A RV apresenta efeitos positivos na melhora do equilíbrio estático e dinâmico, da marcha, do sentimento de autoconfiança, da qualidade de vida e na diminuição dos sintomas de tontura, ansiedade e depressão4,5. A RV pode promover a cura completa em 30% dos casos e diferentes graus de melhora em 85% dos indivíduos6. Existem diversos protocolos de RV na literatura, sendo os mais usados o de Cawthorne & Cooksey, de Herdman39, da Associação Italiana de Otoneurologia e de Norré. No entanto, há uma escassez de informações sobre a RV e a eficácia dos protocolos em adultos de meia-idade e idosos, tendo em vista as peculiaridades dessa população quanto aos problemas de ordem vestibular. Dessa forma, uma revisão sistemática da literatura auxiliaria no planejamento das intervenções ao disponibilizar uma síntese das evidências sobre os efeitos da RV como recurso terapêutico para tal população.

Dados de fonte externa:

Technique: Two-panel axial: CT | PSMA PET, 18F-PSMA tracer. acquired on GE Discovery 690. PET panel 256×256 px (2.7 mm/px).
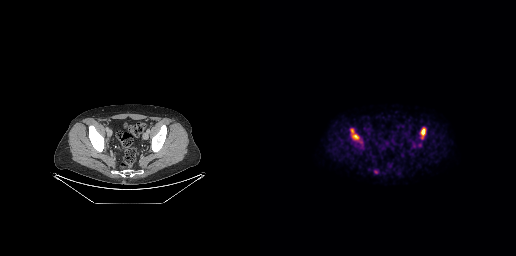
Findings: Coordinates are on the 256×256 PET (right) panel. PSMA-avid tumor lesion bounding boxes (x, y, width, height): x=90 y=128 w=13 h=16; x=160 y=127 w=7 h=13.
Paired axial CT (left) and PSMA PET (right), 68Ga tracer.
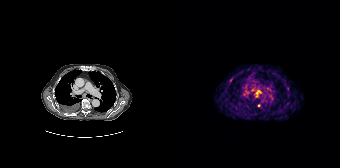
Coordinates are on the 168×168 PET (right) panel. PSMA-avid tumor lesion bounding boxes:
| # | x0 | y0 | x1 | y1 |
|---|---|---|---|---|
| 1 | 82 | 90 | 88 | 96 |
Small PSMA-avid foci (2 to 4 px across) near (center x, center y): (87, 105); (80, 89); (115, 88).
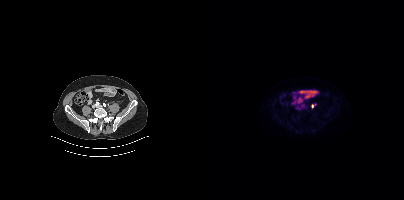
modality: PSMA PET/CT | tracer: [18F]PSMA-1007 | view: axial | PET grid: 200×200
Coordinates are on the 200×200 PET (right) panel. (showing 1 of 2 foci) Small PSMA-avid focus (2 to 4 px across) near (center x, center y): (108, 105).
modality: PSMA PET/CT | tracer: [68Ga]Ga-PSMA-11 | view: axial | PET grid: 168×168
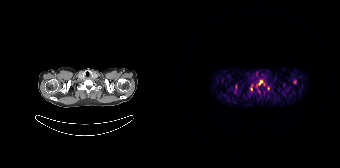
Coordinates are on the 168×168 PET (right) panel. (showing 4 of 6 foci) PSMA-avid tumor lesion bounding box (x, y, width, height): x=86 y=80 w=5 h=6. Small PSMA-avid foci (2 to 4 px across) near (center x, center y): (123, 82) / (79, 89) / (96, 88).
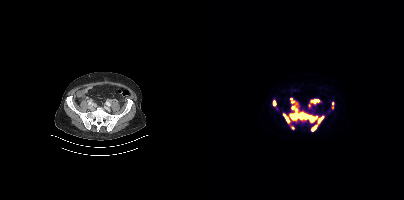
Technique: Paired axial CT (left) and PSMA PET (right), 18F tracer. acquired on Siemens Biograph mCT Flow 20. PET panel 200×200 px (4.1 mm/px).
Findings: Coordinates are on the 200×200 PET (right) panel. PSMA-avid tumor lesion bounding boxes (x0, y0)-(x1, y1): (79, 98)-(120, 131) | (106, 99)-(115, 104) | (69, 100)-(72, 105) | (128, 102)-(129, 108). Small PSMA-avid foci (2 to 4 px across) near (center x, center y): (88, 127) | (105, 105).
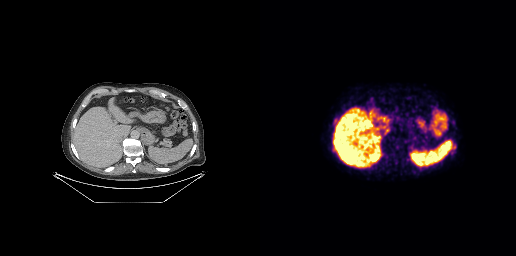
No tumor lesions annotated on this slice.
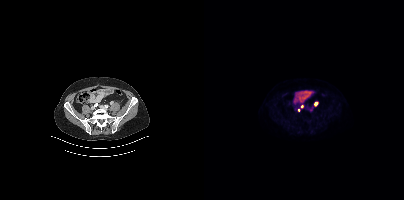
Coordinates are on the 200×200 PET (right) panel. PSMA-avid tumor lesion bounding boxes:
| # | x0 | y0 | x1 | y1 |
|---|---|---|---|---|
| 1 | 110 | 101 | 114 | 106 |
Small PSMA-avid foci (2 to 4 px across) near (center x, center y): (98, 106); (94, 110).
Left: CT. Right: PSMA PET, same axial level, 18F tracer. Slice position z = -1445 mm.
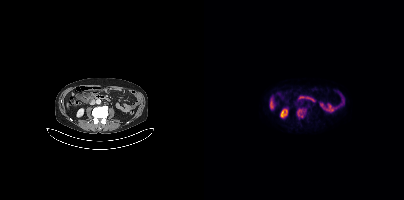
{"modality":"PSMA PET/CT","view":"axial","tracer":"18F-PSMA","pet_grid":[200,200],"coord_frame":"pet_panel","coord_format":"x0,y0,x1,y1","lesion_bboxes":[[93,108,102,118]]}
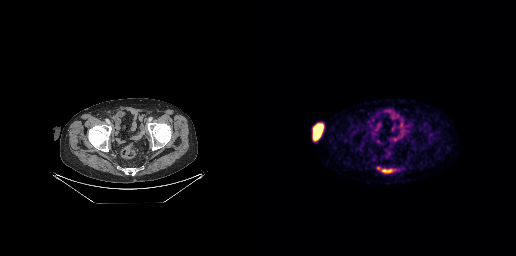
Two-panel axial: CT | PSMA PET, [18F]PSMA-1007 tracer. Coordinates are on the 256×256 PET (right) panel. PSMA-avid tumor lesion bounding box (x0, y0)-(x1, y1): (121, 169)-(133, 172). Small PSMA-avid focus (2 to 4 px across) near (center x, center y): (118, 168).
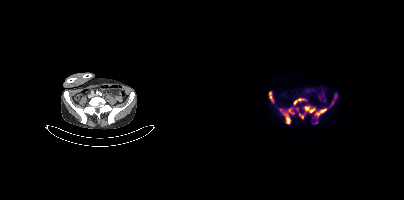
modality: PSMA PET/CT | tracer: 18F | view: axial
Coordinates are on the 200×200 PET (right) panel. (showing 9 of 10 foci) PSMA-avid tumor lesion bounding boxes (x0,y0,x1,y1): [75,108,90,124], [100,106,111,112], [109,110,116,118], [65,92,70,103], [89,98,101,104], [126,93,133,106], [95,113,99,118], [109,121,113,123]. Small PSMA-avid focus (2 to 4 px across) near (center x, center y): (121, 109).
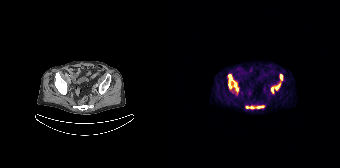
Coordinates are on the 168×168 PET (right) panel. PSMA-avid tumor lesion bounding boxes (x, y, width, height): x=56 y=74 w=11 h=18 | x=99 y=87 w=3 h=6 | x=78 y=106 w=6 h=4 | x=85 y=106 w=7 h=2 | x=103 y=87 w=5 h=3 | x=108 y=75 w=3 h=5. Small PSMA-avid focus (2 to 4 px across) near (center x, center y): (75, 107).

Esta revisão tem como objetivo sistematizar os resultados das pesquisas sobre a RV em indivíduos de meia-idade e idosos com distúrbios vestibulares a fim de esclarecer os efeitos desta intervenção.

 

Materiais e métodos

Para verificar o conjunto de publicações sobre o tema, realizou-se levantamento bibliográfico no mês de novembro de 2008, nas bases de dados eletrônicas LILACS, EMBASE, MEDLINE, SciELO, Cochrane, ISI Web of Knowledge e bibliotecas virtuais de teses e dissertações (Universidade de São Paulo (USP), Universidade Estadual de Campinas (UNICAMP) e Universidade Estadual Paulista (UNESP). Utilizou-se, como estratégia de pesquisa, nas bases de dados, a combinação das palavras-chave: "aged" ou "elderly" ou "middle aged" ou "older people" e "vestibular diseases" ou "vestibular disorder" e "vestibular rehabilitation" ou "exercises" ou "balance training" ou "balance exercises" ou "virtual reality rehabilitation" ou "rehabilitation". As buscas foram limitadas por idioma (inglês, português e espanhol) e data de publicação (últimos dez anos-novembro/1998 a novembro/2008).

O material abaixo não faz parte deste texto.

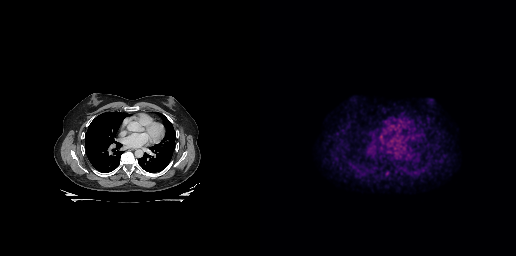
Paired axial CT (left) and PSMA PET (right), 18F-PSMA tracer. No PSMA-avid tumor lesions on this slice.
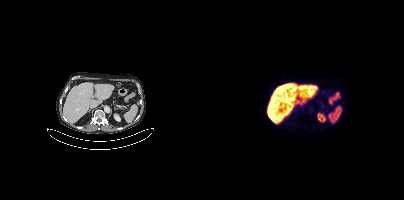
modality: PSMA PET/CT | tracer: 18F | view: axial
No tumor lesions annotated on this slice.
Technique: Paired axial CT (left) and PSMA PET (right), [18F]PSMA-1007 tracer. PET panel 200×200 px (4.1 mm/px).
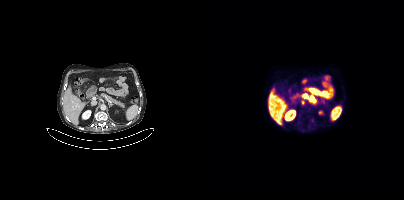
Findings: Coordinates are on the 200×200 PET (right) panel. PSMA-avid tumor lesion bounding box (x, y, width, height): x=97 y=100 w=4 h=5.
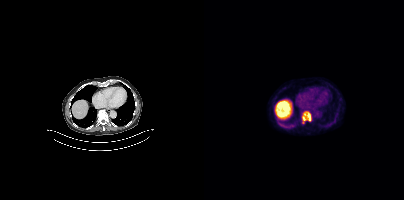
Paired axial CT (left) and PSMA PET (right), 18F tracer. Coordinates are on the 200×200 PET (right) panel. PSMA-avid tumor lesion bounding box (x0,y0,x1,y1): [98,111,107,123].
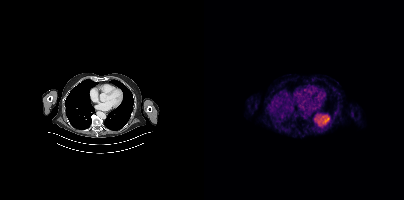
Negative for PSMA-avid disease on this slice. Left: CT. Right: PSMA PET, same axial level, 18F tracer. Slice 265 of 427.
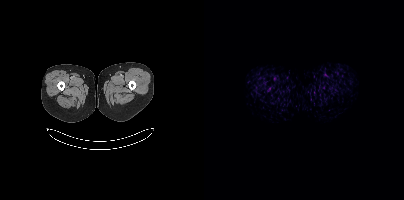
{"modality":"PSMA PET/CT","view":"axial","tracer":"18F-PSMA","pet_grid":[200,200],"coord_frame":"pet_panel","coord_format":"x0,y0,x1,y1","psma_avid_lesions":false}

As publicações que resultaram da estratégia de seleção inicial foram analisadas, por dois avaliadores independentes, quanto aos seguintes critérios de inclusão para a revisão na íntegra: 1) amostra com idade acima de 40 anos, 2) sujeitos com disfunção vestibular, 3) processo de amostragem aleatória dos sujeitos, 4) presença de grupo assistido por RV e grupo controle ou com outra intervenção; 5) intervenção definida como exercícios de estimulação para restauração da função vestibular e equilíbrio corporal por meio da neuroplasticidade vestibular. Foram excluídos os estudos que apresentaram a média de idade da amostra sem especificar a faixa etária, devido ao primeiro critério de inclusão para a revisão na íntegra, e pesquisas com intervenções farmacológicas, eletrofisiológicas ou por manobras de reposicionamento sem a associação de exercícios vestibulares, devido ao quinto critério.

Os artigos selecionados para a revisão na íntegra foram analisados por meio de roteiro estruturado que contemplava os seguintes itens: características da amostra, desfechos primários e secundários, desenho metodológico, características da intervenção, resultados e efeitos da intervenção.

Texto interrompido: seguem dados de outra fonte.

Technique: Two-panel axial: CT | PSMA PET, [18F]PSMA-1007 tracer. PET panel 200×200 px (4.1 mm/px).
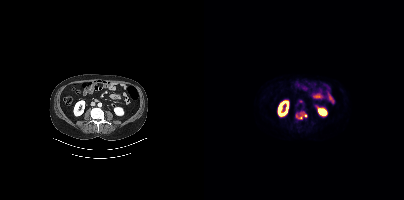
Findings: Coordinates are on the 200×200 PET (right) panel. PSMA-avid tumor lesion bounding box (x0,y0,x1,y1): [94,110,102,118]. Small PSMA-avid focus (2 to 4 px across) near (center x, center y): (92, 115).
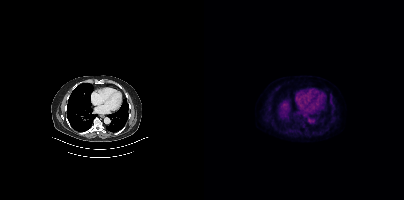
{"modality":"PSMA PET/CT","view":"axial","tracer":"[18F]PSMA-1007","pet_grid":[200,200],"coord_frame":"pet_panel","coord_format":"x0,y0,x1,y1","psma_avid_lesions":false}
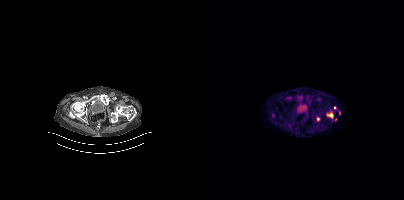
{"modality":"PSMA PET/CT","view":"axial","tracer":"18F","pet_grid":[200,200],"coord_frame":"pet_panel","coord_format":"x0,y0,x1,y1","lesion_bboxes":[],"small_foci_centers":[[130,107],[68,115]]}
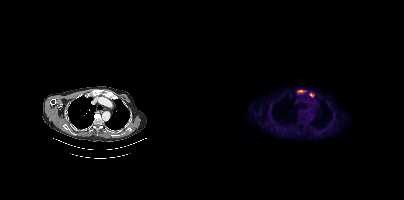
modality: PSMA PET/CT | tracer: 18F | view: axial
Coordinates are on the 200×200 PET (right) panel. PSMA-avid tumor lesion bounding box (x0,y0,x1,y1): [93,90,101,92]. Small PSMA-avid focus (2 to 4 px across) near (center x, center y): (107, 94).
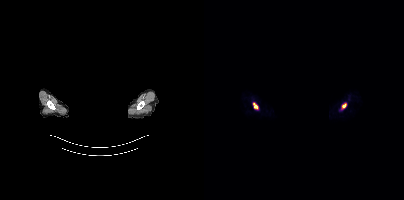
Coordinates are on the 200×200 PET (right) panel. PSMA-avid tumor lesion bounding boxes:
| # | x0 | y0 | x1 | y1 |
|---|---|---|---|---|
| 1 | 49 | 103 | 54 | 109 |
| 2 | 138 | 103 | 142 | 108 |
Paired axial CT (left) and PSMA PET (right), 68Ga-PSMA tracer. PET panel 200×200 px (4.1 mm/px). Face de-identified by blanking a block of the head.
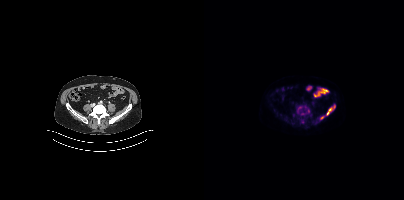
Technique: Two-panel axial: CT | PSMA PET, [18F]PSMA-1007 tracer. slice position z = -624 mm.
Findings: Coordinates are on the 200×200 PET (right) panel. (showing 6 of 7 foci) PSMA-avid tumor lesion bounding box (x0, y0)-(x1, y1): (122, 105)-(131, 115). Small PSMA-avid foci (2 to 4 px across) near (center x, center y): (117, 117) | (104, 110) | (96, 107) | (98, 113) | (90, 115).
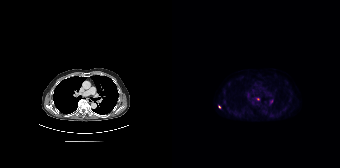
Findings: Coordinates are on the 168×168 PET (right) panel. Small PSMA-avid foci (2 to 4 px across) near (center x, center y): (99, 101); (47, 106); (86, 99).
Technique: Left: CT. Right: PSMA PET, same axial level, 18F-PSMA tracer. slice 117 of 165. PET panel 168×168 px (4.1 mm/px).
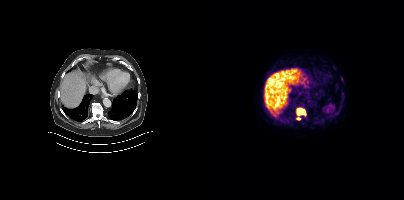
Coordinates are on the 200×200 PET (right) panel. (showing 4 of 5 foci) PSMA-avid tumor lesion bounding box (x0, y0)-(x1, y1): (93, 108)-(101, 115). Small PSMA-avid foci (2 to 4 px across) near (center x, center y): (130, 116) / (94, 118) / (138, 79).
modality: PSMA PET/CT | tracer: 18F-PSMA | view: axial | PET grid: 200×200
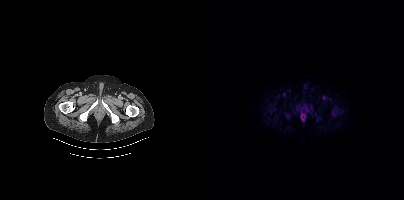
Coordinates are on the 200×200 PET (right) panel. PSMA-avid tumor lesion bounding boxes (x0,y0,x1,y1): [82,113,87,118]; [91,105,95,109]; [129,111,133,115]. Small PSMA-avid focus (2 to 4 px across) near (center x, center y): (137, 112).
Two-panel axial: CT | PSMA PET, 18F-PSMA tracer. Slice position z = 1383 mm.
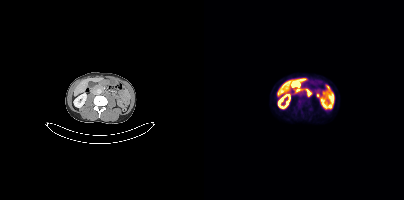
Coordinates are on the 200×200 PET (right) panel. Small PSMA-avid focus (2 to 4 px across) near (center x, center y): (96, 102).
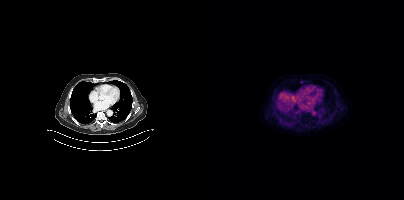
Coordinates are on the 200×200 PET (right) panel. Small PSMA-avid focus (2 to 4 px across) near (center x, center y): (97, 81). Left: CT. Right: PSMA PET, same axial level, 18F-PSMA tracer. Slice 257 of 393. PET panel 200×200 px (4.1 mm/px).

Os desfechos primários foram selecionados de acordo com a praticidade e relevância clínica em ambulatórios e centros de reabilitação, sendo estes a avaliação subjetiva da intensidade da tontura e do desequilíbrio corporal, testes clínicos para avaliar o equilíbrio e a marcha, e questionários e/ou escalas para mensurar o impacto das disfunções vestibulares nas atividades de vida diária. As medidas secundárias escolhidas foram os exames laboratoriais, que avaliam o equilíbrio corporal, marcha e acuidade visual, ultrassonografia doppler e escalas para avaliar sintomas secundários à vestibulopatia (ex.: depressão e ansiedade).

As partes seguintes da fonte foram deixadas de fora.